​In 1964 Arno Penzias and Robert Wilson were working for AT&T -- Ma Bell, the then-monolithic US telephone company.  Nowadays you can pick up satellite signals with a TV dish the size of a frying pan.  But the first communications satellites -- Echo, for the obvious reason -- were simply balloons; orbiting radio mirrors and with no on-board amplification. Consequently, they needed super-sensitive detectors on the ground.  Penzias and Wilson were trained in radio astronomy, a field whose stock-in-trade is the detection of faint radio signals from space and their job at Bell Labs was to work with a radio antenna in Holmdel, New Jersey which would be used with this new-fangled satellite.  (Radio astronomy itself was invented in the 1930s by another Bell employee, Karl Jansky -- he was working on short-wave radio communications, not satellites, and stumbled over emissions from  the centre of the Milky Way galaxy, one of the brightest sources in the radio sky.)

​The story has been told many times. The detector had an annoying and remarkably intransigent "hiss" and Penzias and Wilson knew ​it was the detector, since the hiss didn't change as they pointed their antenna at different places in the sky.  A radio hiss can be converted into a temperature: a red-hot coal has a temperature of a few thousand degrees Celsius but this hiss was microwave-hot, putting it just a few degrees above absolute zero.  

​Holmdel Antenna [Bell Labs]

​Holmdel Antenna [Bell Labs]

The never got rid of the hiss. Instead, through the academic grapevine, they found themselves talking to a group of Princeton astrophysicists.  In the 1940s it was realized that if the universe ​began with a big bang (an idea invented in the 1920s) it would have a detectable afterglow.  In the early 1960s, the big bang was gaining traction among astrophysicists but the competition between it and the competing steady state proposal was far from settled.  The Princeton crew were working on a detector to look for this afterglow,  and realized that Penzias and Wilson had already found it.  

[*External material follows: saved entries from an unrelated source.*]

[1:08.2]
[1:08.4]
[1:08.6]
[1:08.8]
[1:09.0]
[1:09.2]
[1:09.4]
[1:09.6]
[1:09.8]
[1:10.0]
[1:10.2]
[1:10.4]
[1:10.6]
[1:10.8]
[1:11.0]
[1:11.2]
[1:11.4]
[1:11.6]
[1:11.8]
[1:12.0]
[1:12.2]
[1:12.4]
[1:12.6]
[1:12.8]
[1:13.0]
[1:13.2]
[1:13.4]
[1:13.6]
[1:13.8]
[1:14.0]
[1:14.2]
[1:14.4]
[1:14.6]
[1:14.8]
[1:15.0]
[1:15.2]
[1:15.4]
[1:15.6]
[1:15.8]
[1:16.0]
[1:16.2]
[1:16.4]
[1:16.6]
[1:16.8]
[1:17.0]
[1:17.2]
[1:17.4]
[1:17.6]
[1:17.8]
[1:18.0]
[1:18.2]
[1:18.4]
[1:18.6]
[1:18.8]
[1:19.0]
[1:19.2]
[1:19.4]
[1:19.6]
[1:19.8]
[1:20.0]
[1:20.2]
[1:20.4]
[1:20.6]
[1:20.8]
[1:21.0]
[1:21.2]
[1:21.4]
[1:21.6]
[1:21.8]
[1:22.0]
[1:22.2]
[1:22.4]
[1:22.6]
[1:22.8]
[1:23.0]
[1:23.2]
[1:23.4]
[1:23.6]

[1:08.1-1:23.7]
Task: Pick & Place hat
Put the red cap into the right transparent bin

Comparing notes, the two groups published back-to-back letters to the Astrophysical Journal. Penzias and Wilson simply reported their results (and their painstaking efforts to eliminate other explanations) while the Princeton scientists provided the interpretation. Penzias and Wilson's letter was entitled A Measurement Of Excess Antenna Temperature At 4080 Mc/s​ -- a masterful understatement. As legend has it, the impact of their work only hit home when it made the front page of the New York Times.  In 1978 Penzias and Wilson won the Nobel Prize -- certainly the first and very likely the time last two telephone company employees get to stumble across one of secrets of the universe. 

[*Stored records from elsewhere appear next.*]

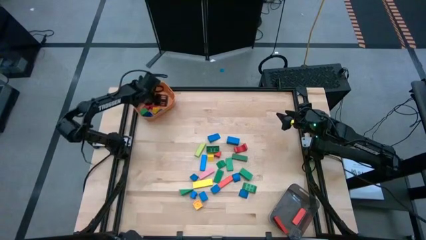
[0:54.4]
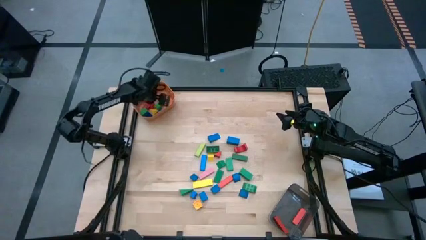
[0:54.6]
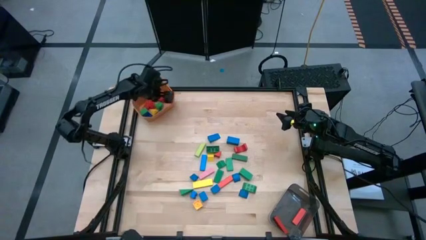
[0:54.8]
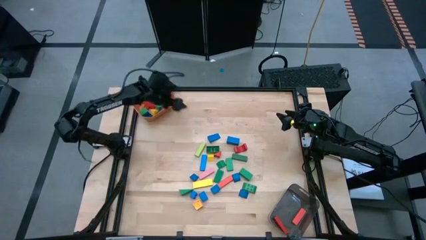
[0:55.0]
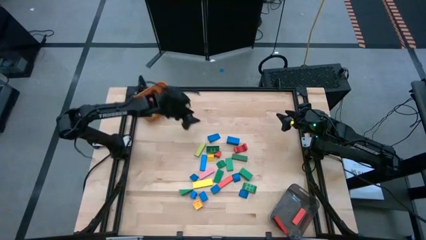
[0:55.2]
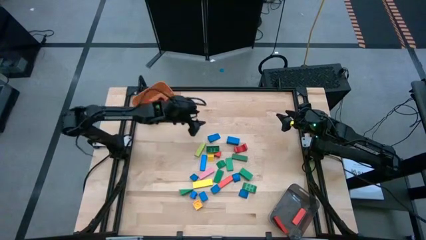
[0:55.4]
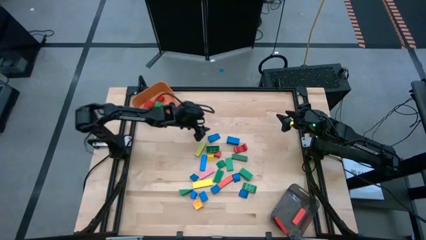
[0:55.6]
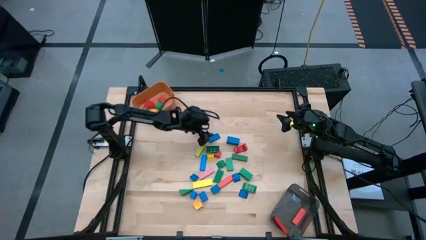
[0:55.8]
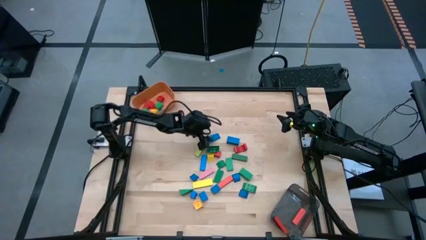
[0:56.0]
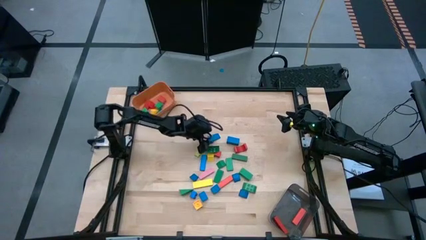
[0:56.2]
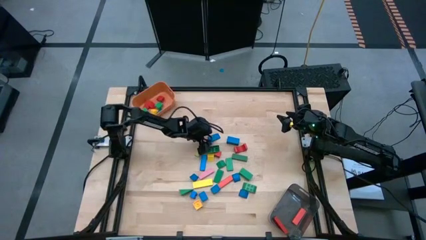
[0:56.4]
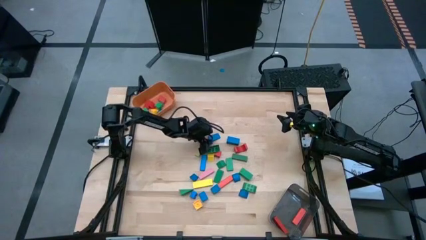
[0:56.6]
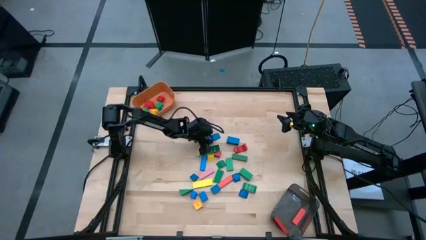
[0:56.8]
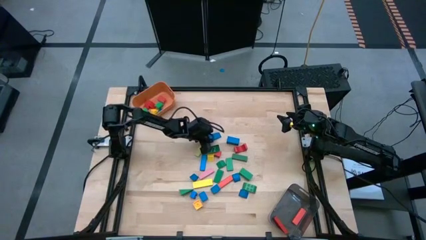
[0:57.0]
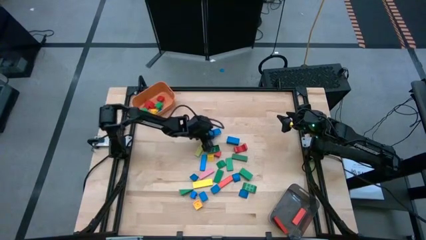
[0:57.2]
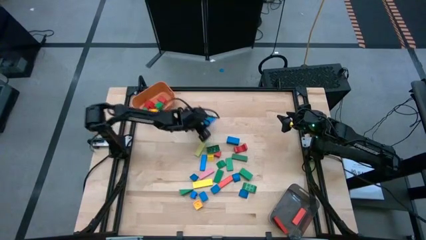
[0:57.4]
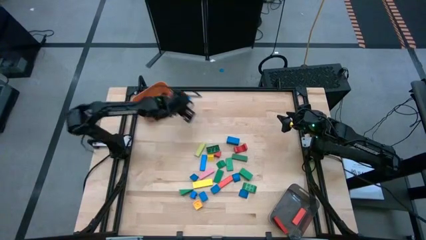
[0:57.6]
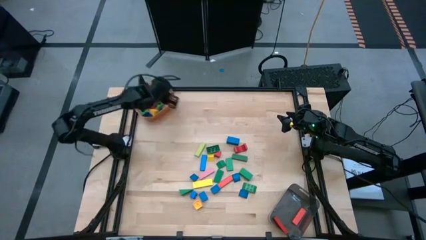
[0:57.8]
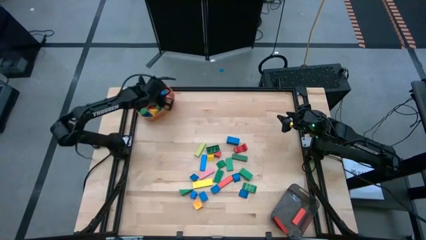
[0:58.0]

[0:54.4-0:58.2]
Task: Sort blocks by size
Put the small blue block into the orange bin

For cosmology, the microwave background is the gift that keeps on giving -- it has done far more than simply tell us that the big bang happened.  Right away, the smoothness of the microwave background confirmed that the early universe was almost the same at every point.   The largest departure from smoothness arises because the earth (and the sun and the Milky Way) are all moving, relative to the "frame" defined by the microwave background. The microwave background is redshifted on one side of the sky and blueshifted on the other - telling us that the Milky Way galaxy is moving at around 600 km/s relative to the average position of all the matter in the universe -- a number first measured in the 1970s. 

​Fast forward to the 1992, and the COBE satellite team announced that it had made the first measurements of the differences ​in the temperature of the microwave background at different points in the sky;  10,000 times smaller than the temperature of the background itself.  Today the departures from smoothness is more interesting than the background itself -- information contained within a map of the microwave background can tell us how the big bang happened, and what the universe looked like in the first minutes and years after the big bang.    Mather and Smoot, two leaders of the COBE team, won the second microwave background's second Nobel Prize in 2006.  After COBE, a host of ground-and balloon-based experiments have contributed to the analysis of the microwave background and from 2001 to 2010 a second satellite, WMAP, compiled an exquisitely detailed map of the microwave background.​

Transition from COBE to WMAP sky maps  - credit: NASA / WMAP Science Team

What do we get from this?  In combination with other data the microwave background  tells us the age of the universe and the amount of dark matter it contains. It lets us explore the mechanism that produced the tiny departures from smoothness in the microwave background, the same mechanism which sewed the seeds that led to the formation of galaxies and planets and stars (and, ultimately, people) as the universe evolved.  Not so long ago, estimates for the age of the universe varied by a factor of two -- in 2013 the consensus is that our universe is 13.7 billion years old, a number good to within a few percent:  thanks to the microwave background, cosmology has become a precision science. 

And on Thursday morning -- March 21 t 10am CET -- it all changes again. Planck, the next spacecraft to study the microwave background, will release its first map of the microwave sky, and announce its first batch of cosmological results.   Planck improves on WMAP the way that WMAP improved on COBE: whatever the Planck team tells us tomorrow, our understanding of the universe is going to change.